I added some prints to check the progress:
len - is number of items in the queue
max -  is max number of entries in the queue

[   89.407856] [brcmf_sdio_prec_enq] prec 2 prio 0 len 1789 max 2048
[   89.414682] [brcmf_sdio_prec_enq] prec 2 prio 0 len 1790 max 2048
[   89.421497] [brcmf_sdio_prec_enq] prec 2 prio 0 len 1791 max 2048
[   93.970466] [brcmf_sdio_prec_enq] prec 2 prio 0 len 1524 max 2048
[   93.977520] [brcmf_sdio_prec_enq] prec 2 prio 0 len 1525 max 2048
[   93.984572] [brcmf_sdio_prec_enq] prec 2 prio 0 len 1526 max 2048

I will some run more WLAN tests tomorrow to make sure.
When I'm done testing I will update my patch as well and let you know.
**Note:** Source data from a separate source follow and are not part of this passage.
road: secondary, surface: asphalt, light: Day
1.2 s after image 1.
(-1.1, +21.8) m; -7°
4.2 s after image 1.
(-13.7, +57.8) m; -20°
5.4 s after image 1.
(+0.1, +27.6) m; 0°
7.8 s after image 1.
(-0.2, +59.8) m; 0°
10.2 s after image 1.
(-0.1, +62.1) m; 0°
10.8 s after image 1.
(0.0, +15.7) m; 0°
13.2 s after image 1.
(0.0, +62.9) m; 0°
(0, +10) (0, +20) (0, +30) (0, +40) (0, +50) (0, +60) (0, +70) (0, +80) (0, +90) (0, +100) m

I came across this issue when I tried to connect to my WLAN access
point. The bug was triggered due to a lot of background traffic
(broadcast and multicast) in the network filling up the queue.
It's now fixed so that the queue is not flooded. Now I move on to the
next issue. It's still difficult to connect because the background
eats up all the bandwidth (this is not a constant issue but it happens
from time to time depending on the background load).
For queueing-mode there seems to exist logic for handling multicast
traffic separately but for the SDIO case (no-queueing) normal traffic
gets same precedence as multicast traffic.
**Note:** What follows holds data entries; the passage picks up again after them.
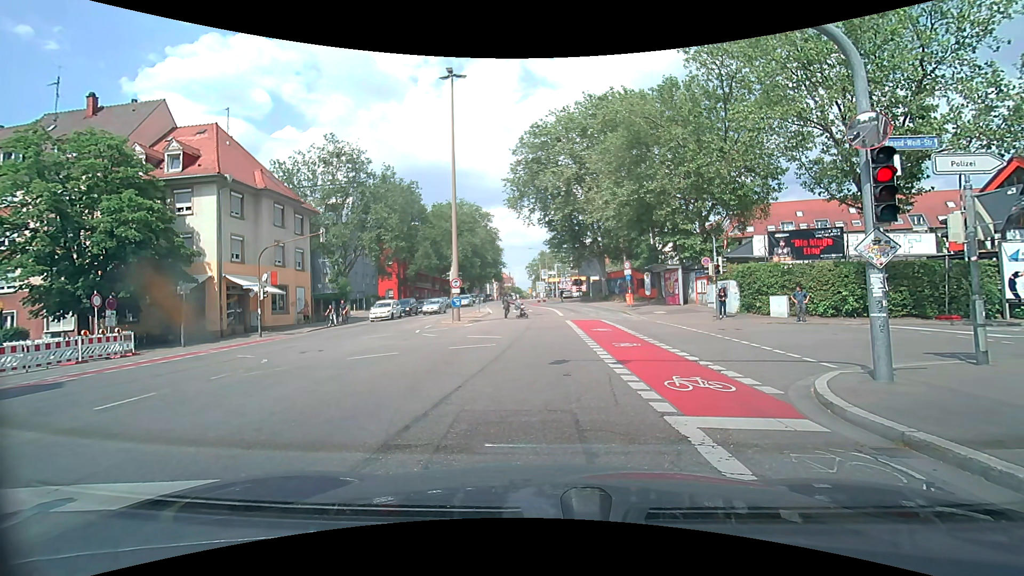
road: secondary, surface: asphalt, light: Day
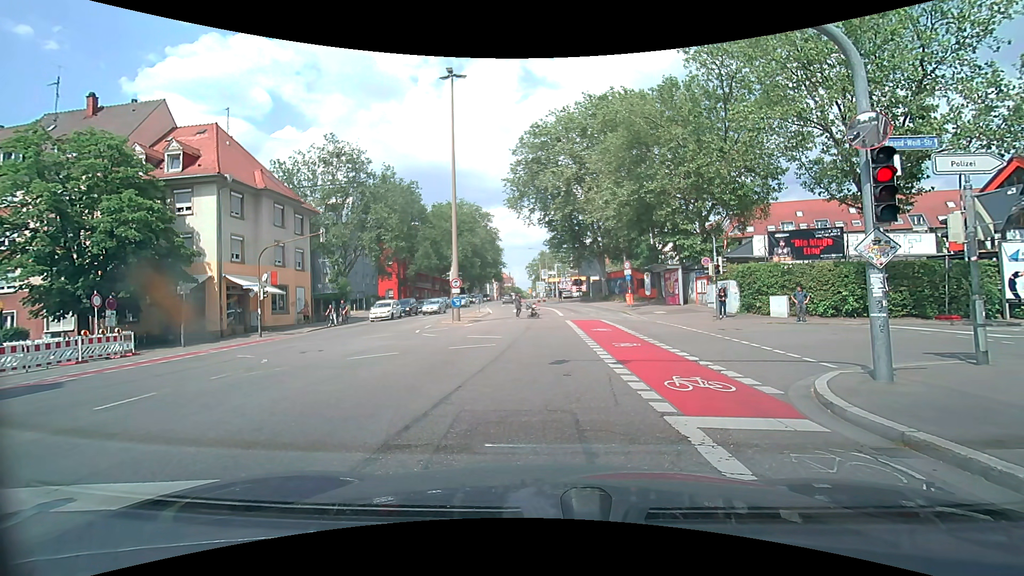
(0.0, 0.0) m; 0°
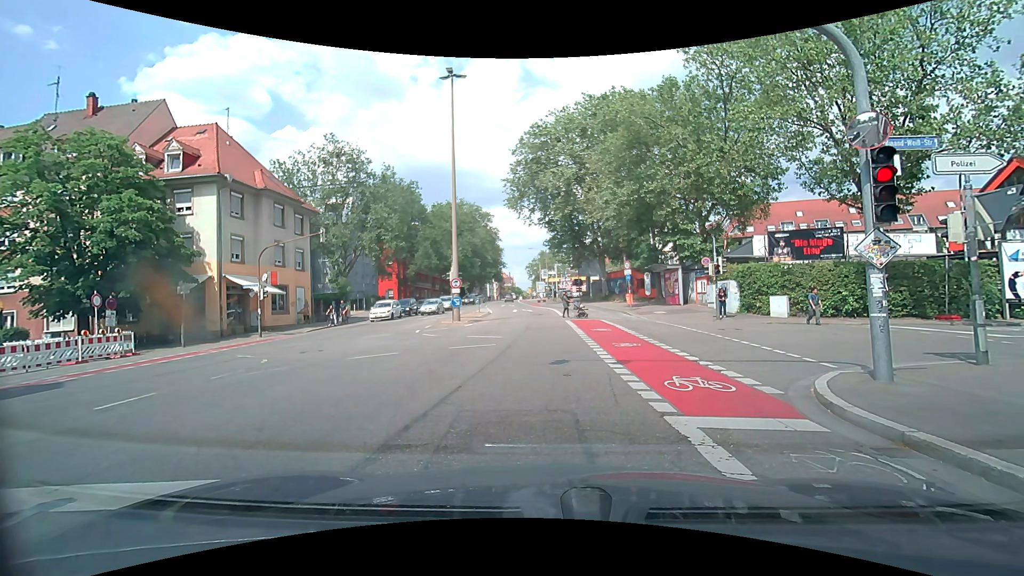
(0.0, 0.0) m; 0°
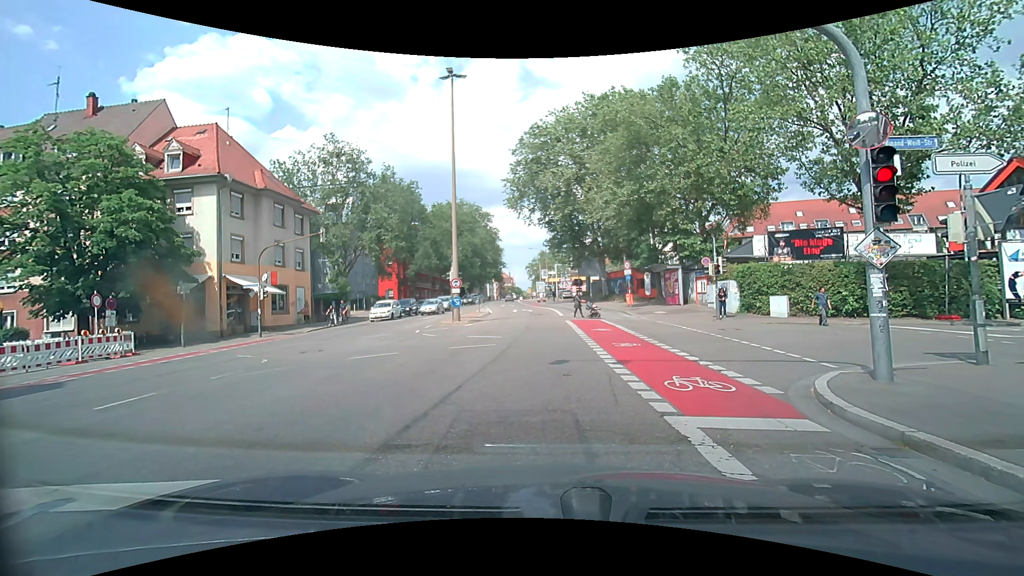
(0.0, 0.0) m; 0°
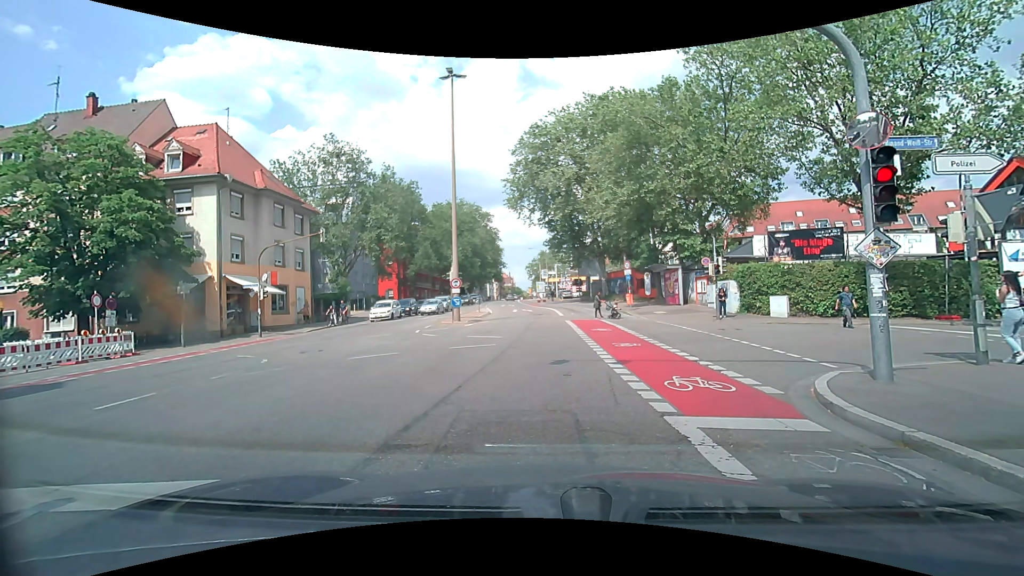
(0.0, 0.0) m; 0°
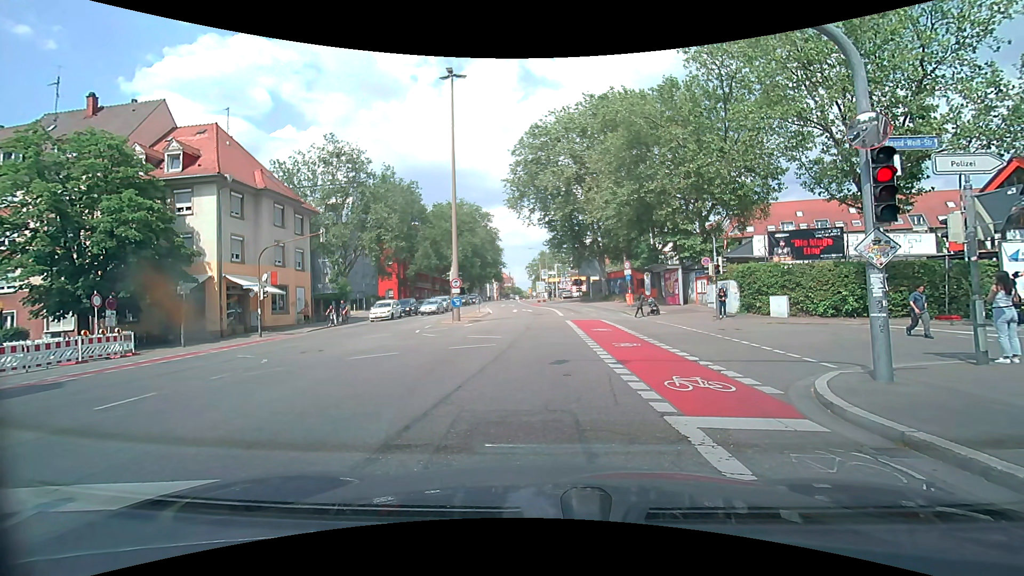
(0.0, 0.0) m; 0°
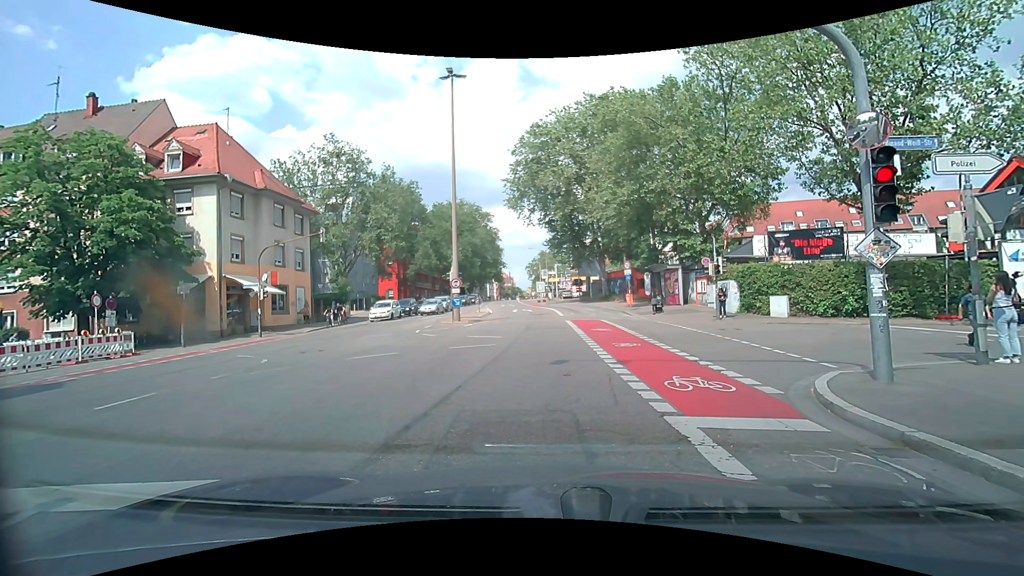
(0.0, 0.0) m; 0°
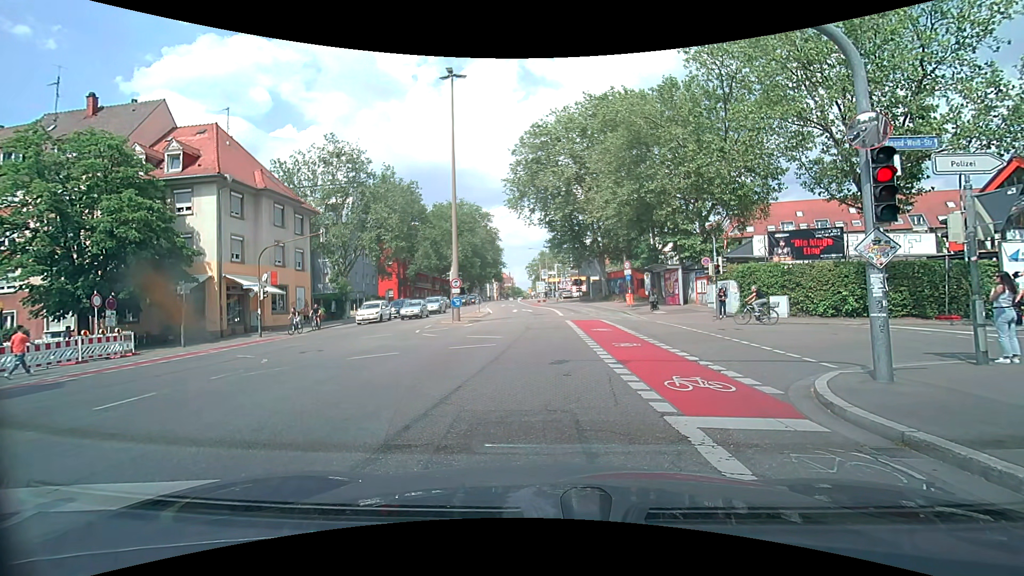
(0.0, 0.0) m; 0°
(0, +10) (0, +20) (+1, +30) (0, +40) (0, +50) (-1, +60) (-2, +70) (-3, +80) (-4, +90) (-4, +100) m

I'm considering something like this:
--- a/drivers/net/wireless/brcm80211/brcmfmac/fwsignal.c
+++ b/drivers/net/wireless/brcm80211/brcmfmac/fwsignal.c
@@ -1900,6 +1902,8 @@ int brcmf_fws_process_skb(struct brcmf_if *ifp,
struct sk_buff *skb)
        drvr->tx_multicast += !!multicast;

        if (fws->avoid_queueing) {
+               if (multicast)
+                       skb->priority = PRIO_8021D_NONE;
                rc = brcmf_proto_txdata(drvr, ifp->ifidx, 0, skb);
                if (rc < 0) {
                        (void)brcmf_proto_hdrpull(drvr, false, skb, NULL);

It feels a little hacky.

I would like to use the drvr->tx_multicast instead, if possible.
The problem is that the "drvr" struct is not passed down to the sdio layer.
One could update bcdc.c : brcmf_proto_bcdc_txdata() to pass
"drcr->multicast" to the SDIO layer but not all bus implementations
need this information (USB for instance)

Any suggestions?

BR
Per Forlin